KING, RICHARD, médecin, explorateur de l’arctique, ethnologue et écrivain, né probablement en 1810 à Londres, fils de Richard King ; épousa en 1857 Elizabeth Lumley dont il eut au moins un fils ; décédé à Londres le 4 février 1876.

Richard King entra à l’école St Paul de Londres en 1820 et, en 1824, il commença un apprentissage de sept ans chez un apothicaire. La Society of Apothecaries lui accorda le permis d’exercer sa profession en 1832. On pense qu’il reçut son doctorat en médecine de l’University of St Andrews, dans le comté de Fife, en Écosse ; mais les dossiers de cette période sont incomplets et cette hypothèse ne peut pas être prouvée. C’est comme chirurgien et naturaliste que King prit part en 1833 à l’expédition par voie de terre entreprise dans l’arctique par le capitaine George Back, pour tenter de retrouver le capitaine John Ross*, qui était parti quatre ans auparavant à la découverte d’un passage au nord-ouest.

Bien qu’il ne fût que commandant en second, King fut en grande partie responsable du succès de l’expédition. Les deux hommes arrivèrent évidemment à s’entendre durant leurs explorations, encore que Back compliquât inutilement la tâche de King qui devait recueillir des spécimens d’histoire naturelle. En route vers le Nord-Ouest, King avait la responsabilité du gros de l’expédition et de l’essentiel du matériel, tandis que Back prenait les devants dans un canot léger, se hâtant pour préparer l’exploration de la rivière Great Fish (aujourd’hui, la rivière Back). Après son retour, Back se dépêcha de repartir pour l’Angleterre et, une fois encore, confia la responsabilité de la majorité de l’expédition à King, en lui laissant des instructions à peu près impossibles à respecter.

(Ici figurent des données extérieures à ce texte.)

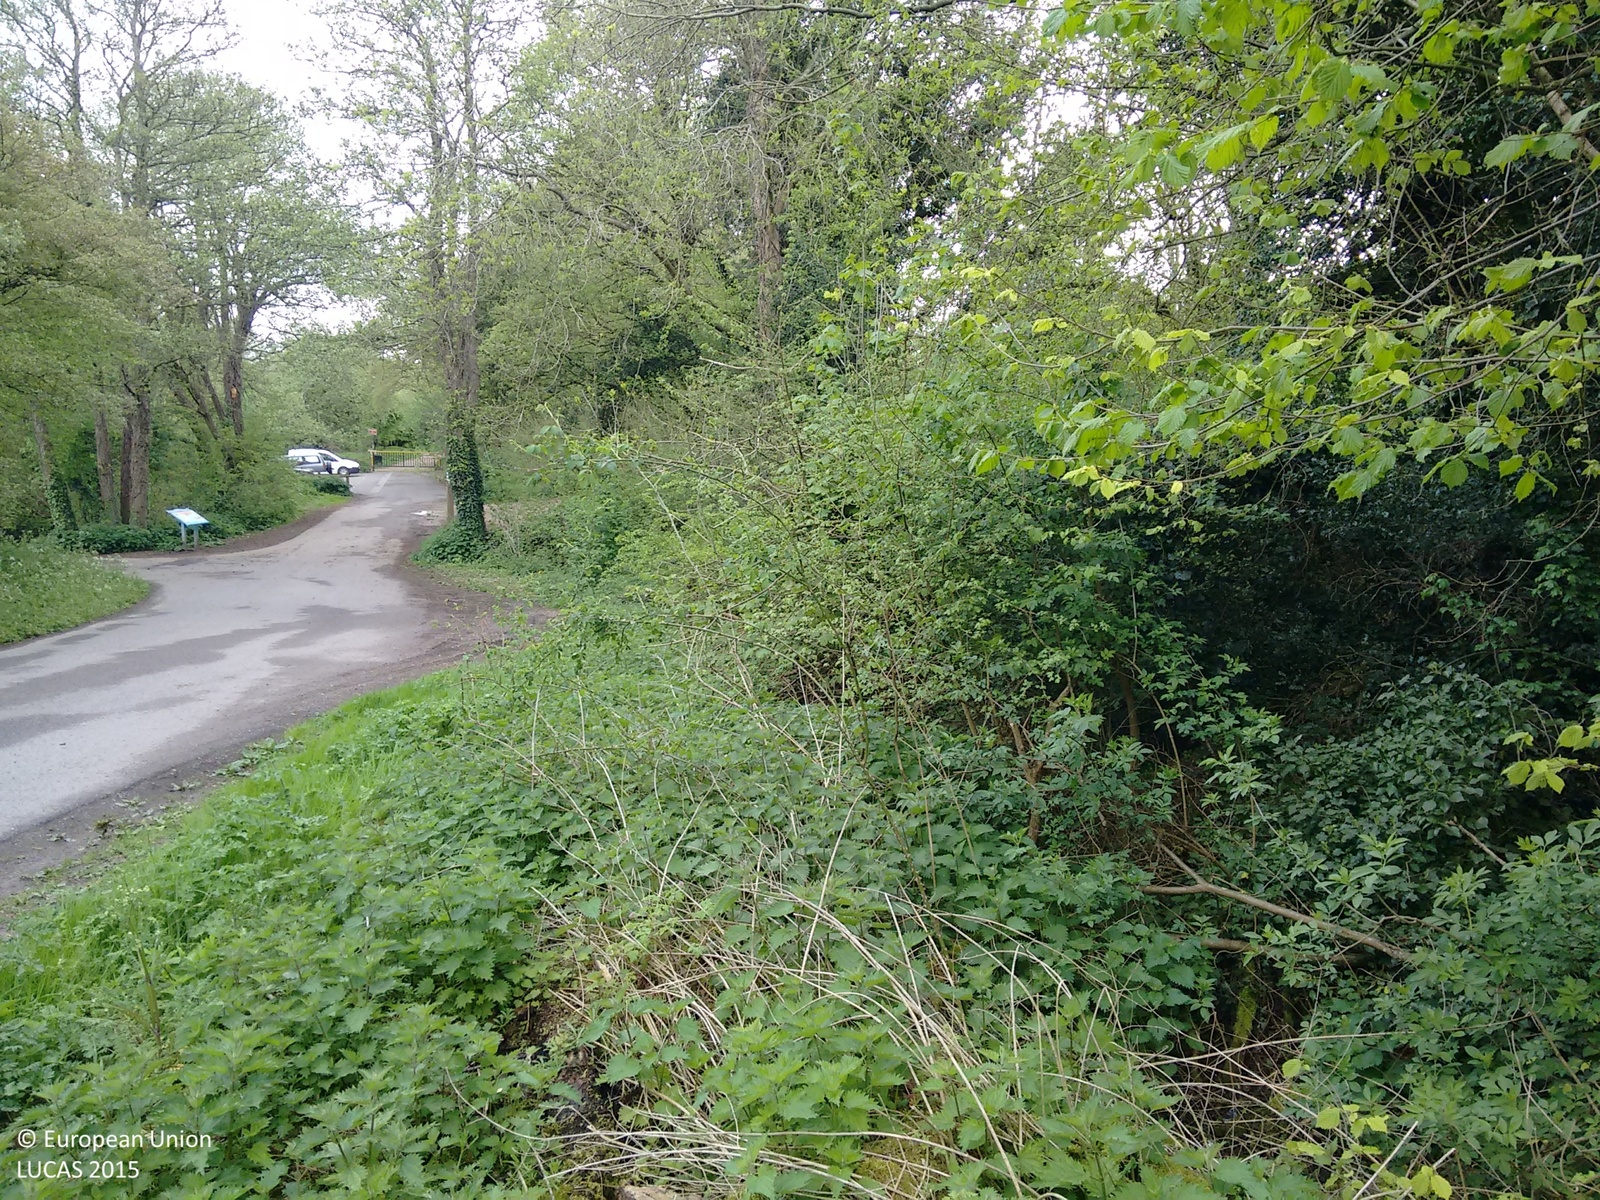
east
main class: Woodland
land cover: Broadleaved woodland
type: mesophytic deciduous forest
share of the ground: > 75 %
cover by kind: broadleaved forest trees 100 %
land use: Amenities, museums, leisure
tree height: > 5 m
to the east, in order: Broadleaved woodland; Fences; Grassland with sparse tree/shrub cover; Grassland without tree/shrub cover; Electric lines; Grassland without tree/shrub cover; Broadleaved woodland; Grassland without tree/shrub cover; Broadleaved woodland
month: May
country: GB
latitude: 51.2179
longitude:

Back, bien entendu, rédigea un récit officiel de l’expédition. King y contribua en écrivant des appendices sur la botanique et la météorologie. En plus, King publia son propre compte rendu et, à bien des points de vue, son ouvrage est supérieur à celui de Back. King fit preuve de plus de compréhension à l’égard des Indiens et, bien que sa tâche fût beaucoup plus pénible que celle de Back, il n’exagéra pas, lui, les difficultés de l’expédition. Il différa d’opinion avec Back sur certains éléments géographiques importants, et il laissa clairement entendre qu’à son avis l’entreprise aurait pu être mieux dirigée et plus fructueuse ; il en était à tel point persuadé qu’il avait décidé, « encore campé sur les rivages polaires, de reprendre les recherches à l’endroit même où s’étaient arrêtés les efforts du capitaine Back ». Pendant 22 ans, King s’efforça de trouver l’appui nécessaire à ce projet. Il échoua chaque fois, surtout parce que Back fit jouer contre lui des influences plus fortes que celles qui l’appuyaient.

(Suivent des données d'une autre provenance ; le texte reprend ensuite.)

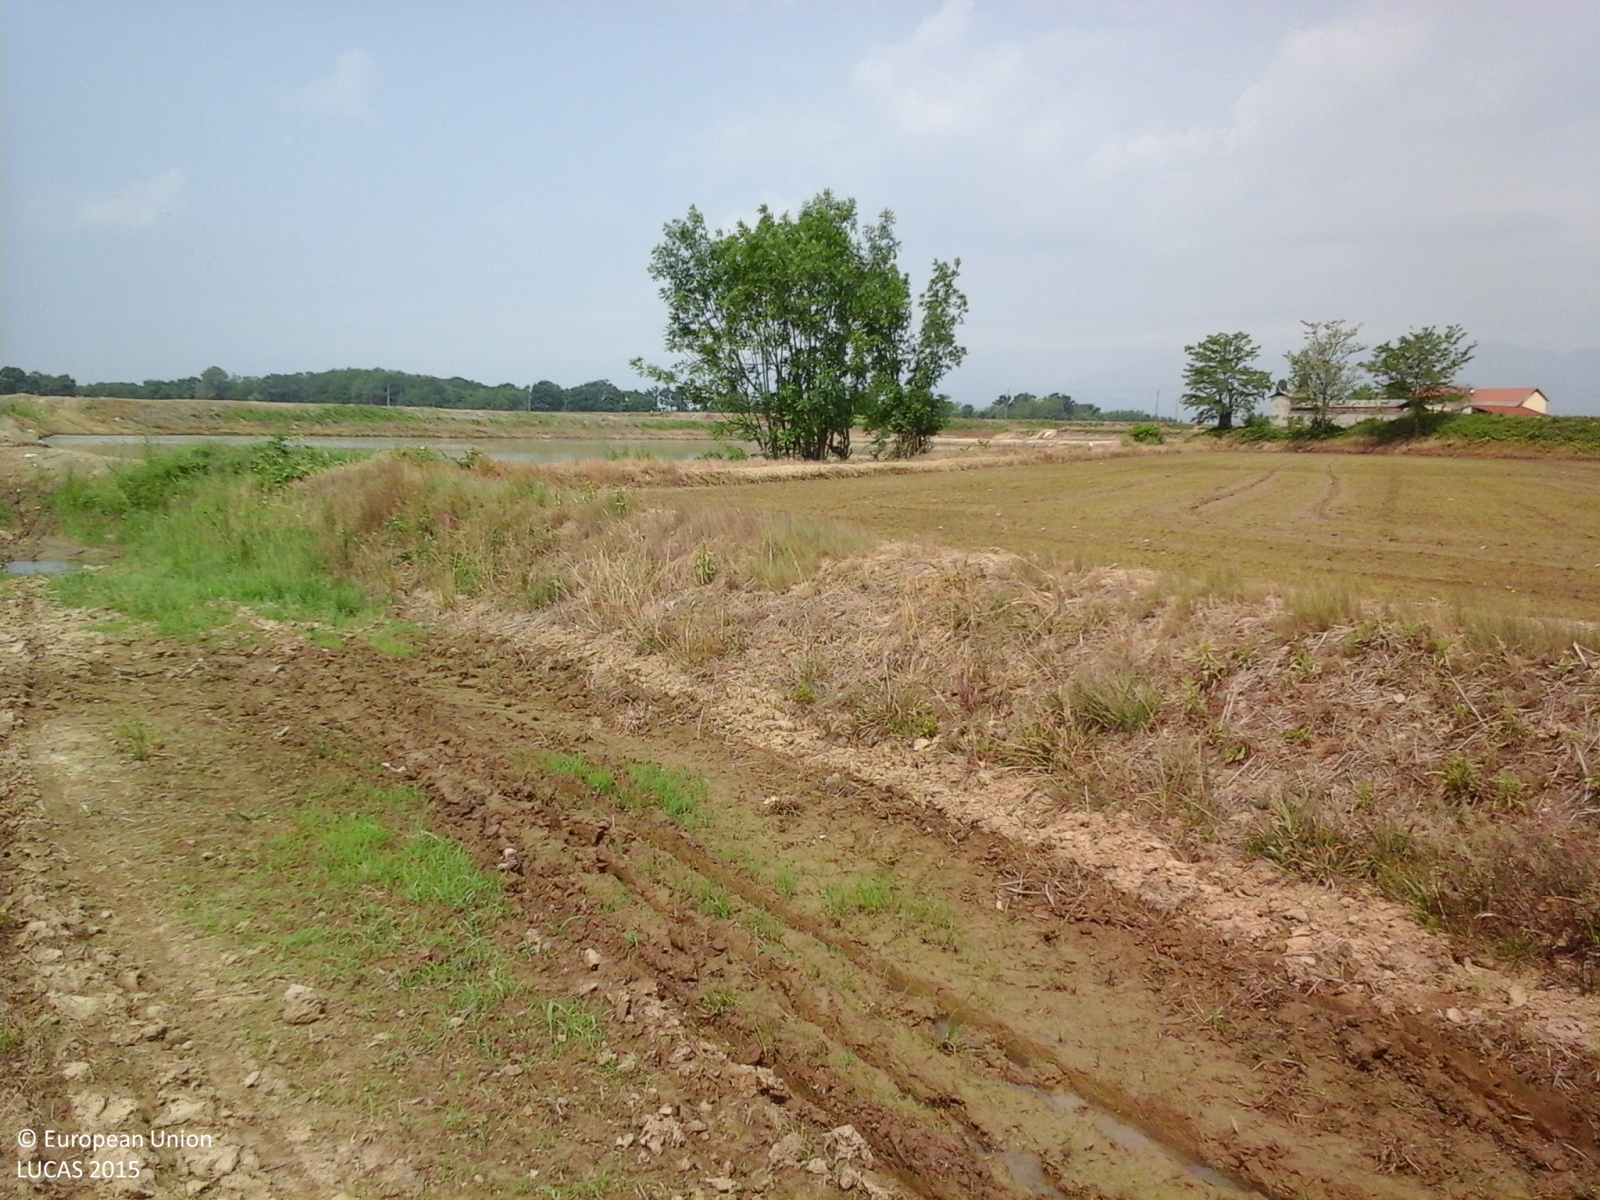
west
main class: Cropland
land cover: Rice
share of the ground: < 10 %
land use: Agriculture (excluding fallow land and kitchen gardens)
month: May
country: IT
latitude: 45.5083
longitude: 8.2749

D’après King, le travail géographique le plus important était de terminer le relevé de la côte nord de l’Amérique du Nord afin de déterminer si un passage au nord-ouest était vraiment praticable. En 1836, il proposa de résoudre le problème posé par l’isthme de Booth, que John Ross avait porté sur sa carte en se fiant simplement aux dires des Inuits. Si l’isthme existait, pensait King – on put constater plus tard qu’il avait raison – cela signifiait que les terres situées au nord de cet isthme, baptisées par Ross du nom de North Somerset (aujourd’hui île de Somerset), faisaient partie de la côte nord et que partant la péninsule de Booth était le point situé le plus au nord-est du continent – et non pas celle de Melville.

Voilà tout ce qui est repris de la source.